O iluminado, filme de Stanley Kubrick adaptado de um romance de Stephen King, por exemplo. O diretor partiu de um ícone do horror, que já havia vendido milhares de cópias e que já tinha um público fiel satisfeito com a atmosfera de terror criada pelo livro. Kubrick, no entanto, resolveu fazer algo que não fosse uma mera reprodução filmada do romance.

O longa agradou aos cinéfilos e desagradou aos fãs de King. Os que eram a favor de Kubrick ressaltaram a técnica do cineasta para contar a história. Aqueles que preferiam a obra original disseram que o filme cortou partes essenciais da trama – com a questão do Iluminado, tratada de raspão– e que o longe trouxe um viés muito sugestivo. Kubrick retirou todos os monstros do longa – deixando apenas alguns no final – e preferiu se concentrar na degradação psicológica dos personagens causada pelo ambiente e não totalmente pela sobrenaturalidade.

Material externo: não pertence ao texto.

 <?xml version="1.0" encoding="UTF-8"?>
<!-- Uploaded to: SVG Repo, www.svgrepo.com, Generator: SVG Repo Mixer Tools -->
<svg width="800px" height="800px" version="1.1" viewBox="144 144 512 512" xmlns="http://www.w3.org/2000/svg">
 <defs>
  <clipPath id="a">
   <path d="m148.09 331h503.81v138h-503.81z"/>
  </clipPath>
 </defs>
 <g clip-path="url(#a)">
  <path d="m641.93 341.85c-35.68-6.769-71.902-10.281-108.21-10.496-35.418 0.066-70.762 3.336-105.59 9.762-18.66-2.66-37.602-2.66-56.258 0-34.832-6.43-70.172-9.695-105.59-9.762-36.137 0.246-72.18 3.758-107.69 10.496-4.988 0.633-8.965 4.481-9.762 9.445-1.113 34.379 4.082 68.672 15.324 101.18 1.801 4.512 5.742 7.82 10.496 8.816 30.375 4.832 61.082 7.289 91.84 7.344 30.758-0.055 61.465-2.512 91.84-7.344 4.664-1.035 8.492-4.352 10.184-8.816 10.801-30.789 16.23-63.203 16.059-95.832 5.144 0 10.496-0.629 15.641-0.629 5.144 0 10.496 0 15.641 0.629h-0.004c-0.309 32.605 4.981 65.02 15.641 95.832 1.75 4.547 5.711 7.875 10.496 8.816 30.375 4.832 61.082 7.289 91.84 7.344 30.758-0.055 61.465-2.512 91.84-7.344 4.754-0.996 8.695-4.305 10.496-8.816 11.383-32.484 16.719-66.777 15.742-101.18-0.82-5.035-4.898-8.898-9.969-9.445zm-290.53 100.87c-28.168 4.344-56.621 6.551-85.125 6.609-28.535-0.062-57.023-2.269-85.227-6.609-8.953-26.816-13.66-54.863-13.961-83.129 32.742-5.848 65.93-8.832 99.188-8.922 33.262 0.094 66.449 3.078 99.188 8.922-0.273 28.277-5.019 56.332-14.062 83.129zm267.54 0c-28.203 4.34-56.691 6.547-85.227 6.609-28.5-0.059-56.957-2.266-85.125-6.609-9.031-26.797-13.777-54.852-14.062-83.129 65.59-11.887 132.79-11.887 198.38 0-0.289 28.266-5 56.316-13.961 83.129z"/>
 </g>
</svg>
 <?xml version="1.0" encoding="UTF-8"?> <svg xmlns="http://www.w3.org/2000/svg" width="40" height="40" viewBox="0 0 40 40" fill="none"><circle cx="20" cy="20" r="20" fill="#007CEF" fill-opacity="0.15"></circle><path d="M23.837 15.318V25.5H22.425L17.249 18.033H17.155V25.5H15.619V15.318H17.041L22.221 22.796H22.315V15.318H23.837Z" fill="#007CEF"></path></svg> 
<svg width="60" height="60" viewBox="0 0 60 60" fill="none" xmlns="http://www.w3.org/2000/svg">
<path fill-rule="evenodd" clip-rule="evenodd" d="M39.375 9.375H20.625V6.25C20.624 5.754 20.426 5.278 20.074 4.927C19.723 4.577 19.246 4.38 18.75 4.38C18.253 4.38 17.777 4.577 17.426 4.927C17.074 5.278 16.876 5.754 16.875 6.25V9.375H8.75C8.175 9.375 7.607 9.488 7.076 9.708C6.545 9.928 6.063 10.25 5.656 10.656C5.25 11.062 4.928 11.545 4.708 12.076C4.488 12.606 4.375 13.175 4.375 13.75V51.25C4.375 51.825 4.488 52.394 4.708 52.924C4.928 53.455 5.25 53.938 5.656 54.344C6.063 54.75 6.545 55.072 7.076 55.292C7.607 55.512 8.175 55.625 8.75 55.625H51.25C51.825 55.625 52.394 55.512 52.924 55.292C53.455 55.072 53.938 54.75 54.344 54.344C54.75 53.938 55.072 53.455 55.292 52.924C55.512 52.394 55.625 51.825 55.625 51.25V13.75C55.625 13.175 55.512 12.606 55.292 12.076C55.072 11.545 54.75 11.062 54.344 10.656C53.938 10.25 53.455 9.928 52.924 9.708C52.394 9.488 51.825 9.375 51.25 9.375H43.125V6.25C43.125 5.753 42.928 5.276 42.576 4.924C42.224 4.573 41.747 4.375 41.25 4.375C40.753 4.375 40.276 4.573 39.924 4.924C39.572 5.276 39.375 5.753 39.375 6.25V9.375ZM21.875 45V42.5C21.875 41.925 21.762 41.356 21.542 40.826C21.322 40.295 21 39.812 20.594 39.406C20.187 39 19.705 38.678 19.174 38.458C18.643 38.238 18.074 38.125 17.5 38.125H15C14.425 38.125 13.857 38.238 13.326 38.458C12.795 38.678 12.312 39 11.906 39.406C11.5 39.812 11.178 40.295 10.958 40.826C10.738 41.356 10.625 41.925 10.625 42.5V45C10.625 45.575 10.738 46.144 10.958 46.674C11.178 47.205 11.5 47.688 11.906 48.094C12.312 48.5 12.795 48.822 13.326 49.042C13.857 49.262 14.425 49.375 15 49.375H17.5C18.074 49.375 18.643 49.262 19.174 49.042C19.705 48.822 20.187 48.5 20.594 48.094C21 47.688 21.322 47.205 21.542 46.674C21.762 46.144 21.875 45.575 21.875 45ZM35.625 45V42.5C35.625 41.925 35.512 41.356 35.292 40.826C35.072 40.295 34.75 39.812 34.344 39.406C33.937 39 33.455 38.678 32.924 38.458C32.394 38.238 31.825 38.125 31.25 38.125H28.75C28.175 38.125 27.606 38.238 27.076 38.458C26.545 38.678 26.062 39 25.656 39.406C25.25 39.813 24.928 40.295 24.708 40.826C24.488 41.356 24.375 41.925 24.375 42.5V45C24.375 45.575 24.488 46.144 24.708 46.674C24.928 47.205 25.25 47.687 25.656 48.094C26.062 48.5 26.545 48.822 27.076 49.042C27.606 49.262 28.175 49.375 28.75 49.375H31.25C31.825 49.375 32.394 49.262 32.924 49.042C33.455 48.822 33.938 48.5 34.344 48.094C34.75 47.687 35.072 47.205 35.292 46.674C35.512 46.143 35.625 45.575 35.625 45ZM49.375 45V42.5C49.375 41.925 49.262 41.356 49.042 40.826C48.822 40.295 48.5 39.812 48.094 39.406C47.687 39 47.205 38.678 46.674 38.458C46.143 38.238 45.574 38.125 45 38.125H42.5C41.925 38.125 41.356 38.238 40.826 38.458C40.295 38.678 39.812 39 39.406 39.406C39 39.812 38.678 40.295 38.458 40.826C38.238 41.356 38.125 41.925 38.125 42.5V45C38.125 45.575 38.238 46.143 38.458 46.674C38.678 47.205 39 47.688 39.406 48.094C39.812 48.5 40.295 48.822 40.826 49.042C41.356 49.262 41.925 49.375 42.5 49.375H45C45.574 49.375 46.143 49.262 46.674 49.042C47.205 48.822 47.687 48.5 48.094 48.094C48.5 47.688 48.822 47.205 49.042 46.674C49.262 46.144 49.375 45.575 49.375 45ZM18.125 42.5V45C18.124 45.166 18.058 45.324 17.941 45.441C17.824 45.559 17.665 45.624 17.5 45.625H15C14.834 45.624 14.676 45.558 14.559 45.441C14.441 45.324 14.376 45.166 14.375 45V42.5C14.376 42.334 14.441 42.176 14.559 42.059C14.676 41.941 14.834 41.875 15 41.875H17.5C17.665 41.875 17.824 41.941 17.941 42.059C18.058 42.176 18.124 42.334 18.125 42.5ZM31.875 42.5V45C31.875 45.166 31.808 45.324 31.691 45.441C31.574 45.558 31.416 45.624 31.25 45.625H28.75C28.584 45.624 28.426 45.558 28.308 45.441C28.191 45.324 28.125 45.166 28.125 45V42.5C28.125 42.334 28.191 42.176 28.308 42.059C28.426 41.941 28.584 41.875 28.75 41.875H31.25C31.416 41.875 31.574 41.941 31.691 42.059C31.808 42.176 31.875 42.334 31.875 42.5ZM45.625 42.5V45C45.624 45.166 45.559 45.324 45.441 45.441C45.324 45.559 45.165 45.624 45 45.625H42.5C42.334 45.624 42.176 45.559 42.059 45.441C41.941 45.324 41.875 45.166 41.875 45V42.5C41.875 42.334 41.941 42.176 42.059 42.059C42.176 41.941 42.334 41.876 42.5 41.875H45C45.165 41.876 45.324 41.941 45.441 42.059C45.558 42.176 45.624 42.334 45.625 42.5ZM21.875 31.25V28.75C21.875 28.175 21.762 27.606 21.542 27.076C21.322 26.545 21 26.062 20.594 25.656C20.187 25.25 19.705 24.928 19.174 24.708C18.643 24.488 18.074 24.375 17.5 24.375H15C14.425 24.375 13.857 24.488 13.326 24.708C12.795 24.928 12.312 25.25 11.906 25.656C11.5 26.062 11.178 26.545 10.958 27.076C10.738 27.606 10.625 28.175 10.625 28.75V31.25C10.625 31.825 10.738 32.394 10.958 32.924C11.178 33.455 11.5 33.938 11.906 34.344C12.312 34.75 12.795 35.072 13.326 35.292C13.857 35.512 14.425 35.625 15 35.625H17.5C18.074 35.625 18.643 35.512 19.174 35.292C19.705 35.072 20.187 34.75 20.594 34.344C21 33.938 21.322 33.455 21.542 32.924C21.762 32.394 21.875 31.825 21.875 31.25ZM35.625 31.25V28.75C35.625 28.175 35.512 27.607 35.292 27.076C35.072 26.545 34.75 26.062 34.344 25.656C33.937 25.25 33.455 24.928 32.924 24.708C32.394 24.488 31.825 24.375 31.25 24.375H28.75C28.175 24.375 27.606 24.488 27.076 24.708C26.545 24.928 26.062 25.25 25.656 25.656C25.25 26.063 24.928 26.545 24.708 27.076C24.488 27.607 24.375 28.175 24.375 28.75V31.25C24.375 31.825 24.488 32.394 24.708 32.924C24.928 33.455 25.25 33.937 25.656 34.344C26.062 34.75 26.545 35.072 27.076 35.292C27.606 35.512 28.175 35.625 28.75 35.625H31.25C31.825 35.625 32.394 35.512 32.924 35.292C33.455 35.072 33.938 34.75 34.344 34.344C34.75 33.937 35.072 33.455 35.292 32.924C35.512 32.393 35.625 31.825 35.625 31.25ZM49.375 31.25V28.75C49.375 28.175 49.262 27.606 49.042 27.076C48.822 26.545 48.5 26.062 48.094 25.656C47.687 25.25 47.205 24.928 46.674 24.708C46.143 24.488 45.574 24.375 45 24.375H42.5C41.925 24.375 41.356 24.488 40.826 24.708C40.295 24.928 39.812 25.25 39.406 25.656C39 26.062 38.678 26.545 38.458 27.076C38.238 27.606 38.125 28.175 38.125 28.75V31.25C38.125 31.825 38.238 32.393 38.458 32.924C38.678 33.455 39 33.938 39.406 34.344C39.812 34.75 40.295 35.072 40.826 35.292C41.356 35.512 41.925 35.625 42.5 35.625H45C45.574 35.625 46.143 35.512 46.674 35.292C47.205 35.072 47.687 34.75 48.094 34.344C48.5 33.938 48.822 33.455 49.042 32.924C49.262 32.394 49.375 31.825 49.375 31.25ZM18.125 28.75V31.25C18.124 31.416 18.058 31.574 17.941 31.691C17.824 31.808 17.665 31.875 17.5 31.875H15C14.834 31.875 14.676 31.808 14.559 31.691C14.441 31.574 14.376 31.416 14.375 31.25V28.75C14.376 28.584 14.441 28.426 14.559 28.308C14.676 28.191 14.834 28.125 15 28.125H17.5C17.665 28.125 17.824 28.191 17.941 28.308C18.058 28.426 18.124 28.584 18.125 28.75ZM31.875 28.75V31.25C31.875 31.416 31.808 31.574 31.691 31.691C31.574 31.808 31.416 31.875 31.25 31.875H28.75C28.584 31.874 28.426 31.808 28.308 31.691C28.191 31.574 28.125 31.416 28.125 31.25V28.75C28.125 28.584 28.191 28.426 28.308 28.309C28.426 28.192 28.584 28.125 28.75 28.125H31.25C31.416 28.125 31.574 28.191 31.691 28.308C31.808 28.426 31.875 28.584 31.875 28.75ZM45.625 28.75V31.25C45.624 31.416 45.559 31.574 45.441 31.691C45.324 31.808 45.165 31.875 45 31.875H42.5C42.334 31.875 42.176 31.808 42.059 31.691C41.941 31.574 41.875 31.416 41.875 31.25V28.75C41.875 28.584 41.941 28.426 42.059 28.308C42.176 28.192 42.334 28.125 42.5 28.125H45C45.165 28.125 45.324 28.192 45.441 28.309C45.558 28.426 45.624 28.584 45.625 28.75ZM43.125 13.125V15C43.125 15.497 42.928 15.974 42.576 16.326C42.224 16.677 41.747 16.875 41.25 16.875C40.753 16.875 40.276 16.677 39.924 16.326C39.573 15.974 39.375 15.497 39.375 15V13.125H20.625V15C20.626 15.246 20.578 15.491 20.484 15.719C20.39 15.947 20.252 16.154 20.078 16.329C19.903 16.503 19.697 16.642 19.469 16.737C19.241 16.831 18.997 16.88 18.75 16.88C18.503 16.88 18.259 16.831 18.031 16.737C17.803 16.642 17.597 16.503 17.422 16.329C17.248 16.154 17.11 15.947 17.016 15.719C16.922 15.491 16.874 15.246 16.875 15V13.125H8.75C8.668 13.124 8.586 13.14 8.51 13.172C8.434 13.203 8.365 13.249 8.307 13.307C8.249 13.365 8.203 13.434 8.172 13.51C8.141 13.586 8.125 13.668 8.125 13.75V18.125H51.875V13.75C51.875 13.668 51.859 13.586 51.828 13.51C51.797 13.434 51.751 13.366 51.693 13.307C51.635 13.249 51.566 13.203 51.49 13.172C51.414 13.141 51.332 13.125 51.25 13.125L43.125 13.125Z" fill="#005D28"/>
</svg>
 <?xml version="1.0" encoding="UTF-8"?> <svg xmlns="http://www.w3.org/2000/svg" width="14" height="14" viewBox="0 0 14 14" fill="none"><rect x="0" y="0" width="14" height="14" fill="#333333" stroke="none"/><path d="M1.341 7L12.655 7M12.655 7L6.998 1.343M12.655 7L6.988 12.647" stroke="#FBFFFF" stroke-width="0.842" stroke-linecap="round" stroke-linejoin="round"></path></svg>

Outra questão que envolve as adaptações da literatura para o cinema é o estilo. Da mesma forma que os escritores possuem um modo próprio de escrever, também assim acontece no mundo do cinema. Ainda que pautados nas obras literárias, os diretores imprimem na película suas crenças, seus objetivos e seu estilo. Sendo assim, é possível ao cineasta interpretar, se apropriar e criar outros sentidos para aquele texto. Ele pode ser completamente fiel àquilo que está no livro ou pode utilizá-lo como inspiração e criar, a partir desse pano de fundo dado pelo texto literário, algo completamente novo. A adaptação será feita tendo em vista aquilo que o cineasta deseja expressar. Além disso, deve-se entender que escritor e cineasta têm sensibilidades e propósitos completamente diferentes.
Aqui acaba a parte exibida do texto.